Step 3: Change Information Dissemination
The plan and objectives of the planned change related to the utilization of smart medical beds in the facility will be disseminated among the team members. It will contribute to the level of informing, knowledge, and readiness. Also, the feedback feature will allow for obtaining the team’s opinions and will address their ability to influence change.
Step 4: Establishing Financial and Organizational Support of the Management
Meetings with management with the presentation of the validation of change will be conducted.
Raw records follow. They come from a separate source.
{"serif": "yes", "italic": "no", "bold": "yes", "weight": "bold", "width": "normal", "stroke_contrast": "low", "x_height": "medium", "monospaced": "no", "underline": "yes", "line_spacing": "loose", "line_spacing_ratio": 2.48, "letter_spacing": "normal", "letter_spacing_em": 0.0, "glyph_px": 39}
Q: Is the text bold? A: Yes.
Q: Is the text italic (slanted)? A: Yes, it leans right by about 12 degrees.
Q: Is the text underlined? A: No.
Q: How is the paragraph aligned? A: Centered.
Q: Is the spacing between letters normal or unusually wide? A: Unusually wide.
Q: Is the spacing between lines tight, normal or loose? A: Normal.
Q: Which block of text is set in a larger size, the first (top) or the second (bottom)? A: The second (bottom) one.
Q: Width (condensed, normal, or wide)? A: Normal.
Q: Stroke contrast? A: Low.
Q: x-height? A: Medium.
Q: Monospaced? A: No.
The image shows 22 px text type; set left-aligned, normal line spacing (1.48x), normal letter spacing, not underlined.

Financial and practice-related considerations will be presented as an argument for the change.
Step 5: Nurses’ Training for Smart Bed Maintenance and Use
Four-week in-practice training sessions will be initiated with the active participation of the smart bed manufacturer representatives to ensure competent utilization of the devices by the team members.
Step 6: Outcome Evaluation
Upon the training completion, the results will be evaluated by means of questionnaires and interviews with patients and nurses. The outcomes will be measure according to the experiences of the participants.
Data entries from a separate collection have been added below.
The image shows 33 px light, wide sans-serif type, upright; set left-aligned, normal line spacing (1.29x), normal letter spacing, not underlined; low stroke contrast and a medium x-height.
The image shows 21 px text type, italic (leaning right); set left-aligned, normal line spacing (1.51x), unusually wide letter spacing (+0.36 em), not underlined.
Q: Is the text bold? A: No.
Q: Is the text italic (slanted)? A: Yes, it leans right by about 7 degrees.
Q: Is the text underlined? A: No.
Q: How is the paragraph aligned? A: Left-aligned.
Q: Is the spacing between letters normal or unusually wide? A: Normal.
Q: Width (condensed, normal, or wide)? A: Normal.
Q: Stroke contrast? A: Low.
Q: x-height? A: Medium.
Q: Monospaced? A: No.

Step 7: Follow-up Interventions
Three months after the training completion, the tests will be conducted with the team to track the progress and evaluate the quality of change implementation. Also, the rates of pressure ulcers in patients will be compared to those before the change to assess the achievements.
The Importance of Effective Communication During the Change
The implementation of a change to practice involves multiple stakeholders and factors, which need to be addressed through effective communication. According to Nilsen et al. (2020), team engagement in the change process increases the potential of beneficial outcomes. Therefore, information exchange, opinion consideration, and feedback are crucial for functional team collaboration. The ability of APNs to establish result-oriented and competency-driven relationships in the team will determine the successful achievement of the set goals.
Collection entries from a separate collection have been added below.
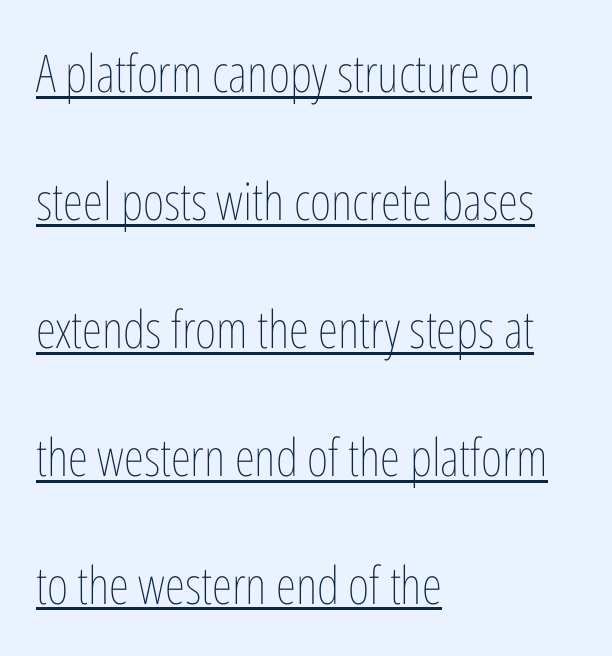
Q: Is the text bold? A: No.
Q: Is the text italic (slanted)? A: No, it is upright.
Q: Is the text underlined? A: Yes.
Q: How is the paragraph aligned? A: Left-aligned.
Q: Is the spacing between letters normal or unusually wide? A: Normal.
Q: Is the spacing between lines tight, normal or loose? A: Loose.
Q: Width (condensed, normal, or wide)? A: Condensed.
Q: Stroke contrast? A: Low.
Q: x-height? A: Medium.
Q: Monospaced? A: No.

Ghersi, I., Mariño, M., & Miralles, M. T. (2018). Smart medical beds in patient-care environments of the twenty-first century: a state-of-art survey. BMC Medical Informatics and Decision Making, 18(1), 63.
Hallaj, F. (2017). Preventing pressure ulcers. Alexandria Scientific Nursing Journal, 19(2), 57-68.
Nilsen, P., Seing, I., Ericsson, C., Birken, S. A., & Schildmeijer, K. (2020). Characteristics of successful changes in health care organizations: an interview study with physicians, registered nurses and assistant nurses. BMC Health Services Research, 20(1), 1-8.
Stojmenovic, M., Gedeon, T., Qi, H., & Buhari, S. M. (2019). Health informatics: Applications of mobile and wireless technologies. Wireless Communications and Mobile Computing, 2019. Web.